* _What to work on_:
Through the line that contains "(0 ms to 9000 ms)", return the data below exactly, starting at its first line; leave the rest out.

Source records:

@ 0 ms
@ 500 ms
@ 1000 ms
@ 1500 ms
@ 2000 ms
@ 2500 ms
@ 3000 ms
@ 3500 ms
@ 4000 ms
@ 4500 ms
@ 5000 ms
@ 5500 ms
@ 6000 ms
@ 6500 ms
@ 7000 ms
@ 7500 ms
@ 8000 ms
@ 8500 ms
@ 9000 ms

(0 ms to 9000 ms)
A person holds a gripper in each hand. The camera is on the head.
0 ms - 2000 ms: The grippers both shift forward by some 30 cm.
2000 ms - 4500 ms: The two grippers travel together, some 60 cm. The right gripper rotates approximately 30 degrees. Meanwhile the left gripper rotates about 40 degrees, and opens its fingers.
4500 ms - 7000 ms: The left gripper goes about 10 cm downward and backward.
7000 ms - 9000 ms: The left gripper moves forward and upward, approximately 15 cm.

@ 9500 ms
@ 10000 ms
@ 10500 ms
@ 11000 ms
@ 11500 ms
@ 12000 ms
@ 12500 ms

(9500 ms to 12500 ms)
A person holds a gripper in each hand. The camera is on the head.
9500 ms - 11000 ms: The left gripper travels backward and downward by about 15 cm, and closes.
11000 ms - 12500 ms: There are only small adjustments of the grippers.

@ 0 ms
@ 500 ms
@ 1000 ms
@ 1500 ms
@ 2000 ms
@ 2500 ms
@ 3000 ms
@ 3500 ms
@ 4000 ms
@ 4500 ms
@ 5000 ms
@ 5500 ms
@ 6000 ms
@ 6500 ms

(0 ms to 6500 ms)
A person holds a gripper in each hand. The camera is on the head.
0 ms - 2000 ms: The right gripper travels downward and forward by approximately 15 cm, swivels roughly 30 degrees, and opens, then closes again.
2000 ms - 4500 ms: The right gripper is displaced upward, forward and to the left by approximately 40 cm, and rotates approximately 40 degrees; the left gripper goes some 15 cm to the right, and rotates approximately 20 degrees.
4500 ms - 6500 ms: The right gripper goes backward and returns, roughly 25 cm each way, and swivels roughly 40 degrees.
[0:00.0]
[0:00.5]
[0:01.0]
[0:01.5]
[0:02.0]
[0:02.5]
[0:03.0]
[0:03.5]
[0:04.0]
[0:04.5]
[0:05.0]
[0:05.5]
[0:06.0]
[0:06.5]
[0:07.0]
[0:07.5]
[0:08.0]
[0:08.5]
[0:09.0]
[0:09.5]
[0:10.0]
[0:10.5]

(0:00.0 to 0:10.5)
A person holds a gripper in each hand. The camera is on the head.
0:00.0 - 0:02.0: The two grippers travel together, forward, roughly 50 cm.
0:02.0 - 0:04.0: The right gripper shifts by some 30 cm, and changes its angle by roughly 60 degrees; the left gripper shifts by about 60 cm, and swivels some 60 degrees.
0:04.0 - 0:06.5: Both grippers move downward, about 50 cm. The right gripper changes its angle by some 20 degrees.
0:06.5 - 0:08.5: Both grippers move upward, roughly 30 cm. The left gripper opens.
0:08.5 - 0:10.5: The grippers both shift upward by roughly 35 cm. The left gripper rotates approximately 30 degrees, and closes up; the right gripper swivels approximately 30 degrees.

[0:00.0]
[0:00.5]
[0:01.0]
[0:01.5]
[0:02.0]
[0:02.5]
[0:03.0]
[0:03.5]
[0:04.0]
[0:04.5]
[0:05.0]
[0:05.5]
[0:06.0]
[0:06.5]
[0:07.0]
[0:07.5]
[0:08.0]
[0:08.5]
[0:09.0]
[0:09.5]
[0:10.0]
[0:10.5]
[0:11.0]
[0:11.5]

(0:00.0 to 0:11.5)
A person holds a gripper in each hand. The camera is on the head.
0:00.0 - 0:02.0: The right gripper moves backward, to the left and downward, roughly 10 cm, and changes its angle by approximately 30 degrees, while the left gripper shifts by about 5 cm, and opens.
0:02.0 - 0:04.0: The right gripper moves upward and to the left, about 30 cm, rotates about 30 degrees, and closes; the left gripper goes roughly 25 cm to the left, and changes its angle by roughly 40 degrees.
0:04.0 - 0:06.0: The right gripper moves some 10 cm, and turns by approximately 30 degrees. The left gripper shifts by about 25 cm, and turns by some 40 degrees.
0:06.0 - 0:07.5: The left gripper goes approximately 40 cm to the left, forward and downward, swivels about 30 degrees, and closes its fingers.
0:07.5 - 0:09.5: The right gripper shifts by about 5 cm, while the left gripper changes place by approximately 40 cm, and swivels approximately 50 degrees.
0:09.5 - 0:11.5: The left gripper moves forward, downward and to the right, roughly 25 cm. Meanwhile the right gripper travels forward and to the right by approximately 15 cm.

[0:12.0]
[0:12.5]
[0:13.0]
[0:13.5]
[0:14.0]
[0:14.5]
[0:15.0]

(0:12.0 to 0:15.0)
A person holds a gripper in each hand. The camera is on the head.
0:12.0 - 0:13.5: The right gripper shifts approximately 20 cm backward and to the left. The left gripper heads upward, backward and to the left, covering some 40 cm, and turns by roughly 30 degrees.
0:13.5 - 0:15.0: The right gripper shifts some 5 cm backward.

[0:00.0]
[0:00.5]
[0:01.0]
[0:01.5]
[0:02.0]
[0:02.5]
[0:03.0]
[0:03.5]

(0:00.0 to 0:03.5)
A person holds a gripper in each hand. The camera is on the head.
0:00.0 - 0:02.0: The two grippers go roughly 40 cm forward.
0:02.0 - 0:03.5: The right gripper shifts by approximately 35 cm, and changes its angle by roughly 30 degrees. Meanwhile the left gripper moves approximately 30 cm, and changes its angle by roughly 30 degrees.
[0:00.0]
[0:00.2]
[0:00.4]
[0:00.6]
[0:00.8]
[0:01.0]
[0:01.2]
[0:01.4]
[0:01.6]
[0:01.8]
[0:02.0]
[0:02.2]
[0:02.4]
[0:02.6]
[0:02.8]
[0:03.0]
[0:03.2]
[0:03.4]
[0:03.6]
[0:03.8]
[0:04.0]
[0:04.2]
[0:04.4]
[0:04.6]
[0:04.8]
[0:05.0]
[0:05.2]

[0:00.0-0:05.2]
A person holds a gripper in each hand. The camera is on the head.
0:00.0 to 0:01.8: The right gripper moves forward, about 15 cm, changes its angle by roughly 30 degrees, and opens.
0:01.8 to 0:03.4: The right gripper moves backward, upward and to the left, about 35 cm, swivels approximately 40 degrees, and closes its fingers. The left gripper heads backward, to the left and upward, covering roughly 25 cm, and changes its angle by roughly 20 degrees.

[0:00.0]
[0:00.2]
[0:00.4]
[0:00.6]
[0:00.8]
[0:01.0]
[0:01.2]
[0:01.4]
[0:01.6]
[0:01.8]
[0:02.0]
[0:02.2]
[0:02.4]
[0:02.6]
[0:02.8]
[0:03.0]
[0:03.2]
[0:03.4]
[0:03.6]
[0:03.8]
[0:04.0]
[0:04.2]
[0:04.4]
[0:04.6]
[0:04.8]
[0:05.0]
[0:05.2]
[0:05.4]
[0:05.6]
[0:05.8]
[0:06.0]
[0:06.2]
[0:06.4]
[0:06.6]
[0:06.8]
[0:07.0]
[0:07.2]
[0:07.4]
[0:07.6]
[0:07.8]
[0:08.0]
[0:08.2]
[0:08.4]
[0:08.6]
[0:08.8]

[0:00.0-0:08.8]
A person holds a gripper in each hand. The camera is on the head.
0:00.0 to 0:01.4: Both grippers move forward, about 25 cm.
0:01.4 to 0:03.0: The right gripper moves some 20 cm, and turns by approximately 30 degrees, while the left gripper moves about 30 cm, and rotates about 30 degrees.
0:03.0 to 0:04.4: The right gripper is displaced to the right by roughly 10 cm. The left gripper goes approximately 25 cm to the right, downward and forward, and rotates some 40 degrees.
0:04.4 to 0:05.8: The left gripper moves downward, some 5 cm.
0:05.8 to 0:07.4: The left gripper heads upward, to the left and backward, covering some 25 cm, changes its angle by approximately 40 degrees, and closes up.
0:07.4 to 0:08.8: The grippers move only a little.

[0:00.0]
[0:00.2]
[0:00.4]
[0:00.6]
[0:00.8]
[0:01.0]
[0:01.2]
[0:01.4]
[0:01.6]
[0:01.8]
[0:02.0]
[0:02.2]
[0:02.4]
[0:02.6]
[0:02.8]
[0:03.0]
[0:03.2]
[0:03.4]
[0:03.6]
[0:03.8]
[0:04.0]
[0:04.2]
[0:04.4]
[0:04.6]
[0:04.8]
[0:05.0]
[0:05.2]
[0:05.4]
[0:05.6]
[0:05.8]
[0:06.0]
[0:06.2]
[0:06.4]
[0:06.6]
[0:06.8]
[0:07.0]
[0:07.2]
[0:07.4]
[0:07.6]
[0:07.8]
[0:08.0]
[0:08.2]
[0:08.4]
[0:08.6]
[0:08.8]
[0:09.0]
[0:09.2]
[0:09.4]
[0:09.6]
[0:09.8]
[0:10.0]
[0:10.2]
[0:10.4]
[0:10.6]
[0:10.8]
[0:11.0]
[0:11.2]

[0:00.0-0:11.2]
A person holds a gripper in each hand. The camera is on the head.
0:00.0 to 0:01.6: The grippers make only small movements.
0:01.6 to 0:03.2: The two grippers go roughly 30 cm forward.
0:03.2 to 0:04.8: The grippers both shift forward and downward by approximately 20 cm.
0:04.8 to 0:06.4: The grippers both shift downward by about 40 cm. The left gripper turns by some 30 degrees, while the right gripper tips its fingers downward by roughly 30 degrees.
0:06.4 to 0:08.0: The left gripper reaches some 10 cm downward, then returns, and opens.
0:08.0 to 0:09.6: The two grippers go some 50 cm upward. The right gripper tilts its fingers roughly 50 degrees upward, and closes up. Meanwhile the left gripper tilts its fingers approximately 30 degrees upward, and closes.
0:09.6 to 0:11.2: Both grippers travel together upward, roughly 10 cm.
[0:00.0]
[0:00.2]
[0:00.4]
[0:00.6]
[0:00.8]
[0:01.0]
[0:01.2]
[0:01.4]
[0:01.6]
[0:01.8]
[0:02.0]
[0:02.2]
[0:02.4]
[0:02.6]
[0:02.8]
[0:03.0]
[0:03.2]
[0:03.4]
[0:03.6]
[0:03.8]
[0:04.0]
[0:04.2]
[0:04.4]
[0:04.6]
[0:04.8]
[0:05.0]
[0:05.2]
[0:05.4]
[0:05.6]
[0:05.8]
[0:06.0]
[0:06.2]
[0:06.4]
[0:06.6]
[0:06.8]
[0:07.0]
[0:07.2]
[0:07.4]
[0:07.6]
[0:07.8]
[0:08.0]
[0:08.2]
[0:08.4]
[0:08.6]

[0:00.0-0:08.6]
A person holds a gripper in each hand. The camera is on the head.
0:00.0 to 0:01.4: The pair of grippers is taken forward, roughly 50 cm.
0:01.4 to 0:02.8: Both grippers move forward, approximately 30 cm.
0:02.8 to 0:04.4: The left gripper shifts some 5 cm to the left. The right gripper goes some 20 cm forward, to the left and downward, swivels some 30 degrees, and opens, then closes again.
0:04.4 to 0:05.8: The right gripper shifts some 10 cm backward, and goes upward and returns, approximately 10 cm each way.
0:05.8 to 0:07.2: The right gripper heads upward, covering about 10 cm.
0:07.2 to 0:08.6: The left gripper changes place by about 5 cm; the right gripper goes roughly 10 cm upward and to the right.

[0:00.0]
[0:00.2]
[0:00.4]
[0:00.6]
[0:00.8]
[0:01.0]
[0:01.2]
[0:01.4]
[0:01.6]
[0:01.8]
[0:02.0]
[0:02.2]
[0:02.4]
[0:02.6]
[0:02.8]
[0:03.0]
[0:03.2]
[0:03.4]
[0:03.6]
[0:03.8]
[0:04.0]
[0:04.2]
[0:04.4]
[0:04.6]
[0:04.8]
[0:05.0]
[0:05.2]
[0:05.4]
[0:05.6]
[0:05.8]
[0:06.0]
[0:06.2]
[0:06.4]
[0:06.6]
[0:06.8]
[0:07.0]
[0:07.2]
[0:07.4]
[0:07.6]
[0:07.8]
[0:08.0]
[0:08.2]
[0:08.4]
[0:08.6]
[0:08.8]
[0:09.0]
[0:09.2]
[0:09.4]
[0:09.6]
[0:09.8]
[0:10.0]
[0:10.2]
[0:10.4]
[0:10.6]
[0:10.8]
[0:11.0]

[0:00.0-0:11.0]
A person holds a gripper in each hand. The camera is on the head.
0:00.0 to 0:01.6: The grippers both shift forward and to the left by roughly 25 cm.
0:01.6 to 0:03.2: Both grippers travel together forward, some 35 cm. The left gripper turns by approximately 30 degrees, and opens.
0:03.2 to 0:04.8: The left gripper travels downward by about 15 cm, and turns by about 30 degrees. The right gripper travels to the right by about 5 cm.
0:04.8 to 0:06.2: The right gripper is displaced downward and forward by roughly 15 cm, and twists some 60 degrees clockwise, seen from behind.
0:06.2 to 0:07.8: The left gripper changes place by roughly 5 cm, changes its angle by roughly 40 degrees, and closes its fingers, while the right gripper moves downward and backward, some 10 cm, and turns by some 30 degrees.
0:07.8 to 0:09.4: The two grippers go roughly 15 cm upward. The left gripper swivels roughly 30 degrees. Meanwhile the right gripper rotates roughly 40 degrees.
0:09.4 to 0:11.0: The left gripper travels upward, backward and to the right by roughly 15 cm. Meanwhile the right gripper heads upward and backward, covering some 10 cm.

* _Task output_:
@ 0 ms
@ 500 ms
@ 1000 ms
@ 1500 ms
@ 2000 ms
@ 2500 ms
@ 3000 ms
@ 3500 ms
@ 4000 ms
@ 4500 ms
@ 5000 ms
@ 5500 ms
@ 6000 ms
@ 6500 ms
@ 7000 ms
@ 7500 ms
@ 8000 ms
@ 8500 ms
@ 9000 ms

(0 ms to 9000 ms)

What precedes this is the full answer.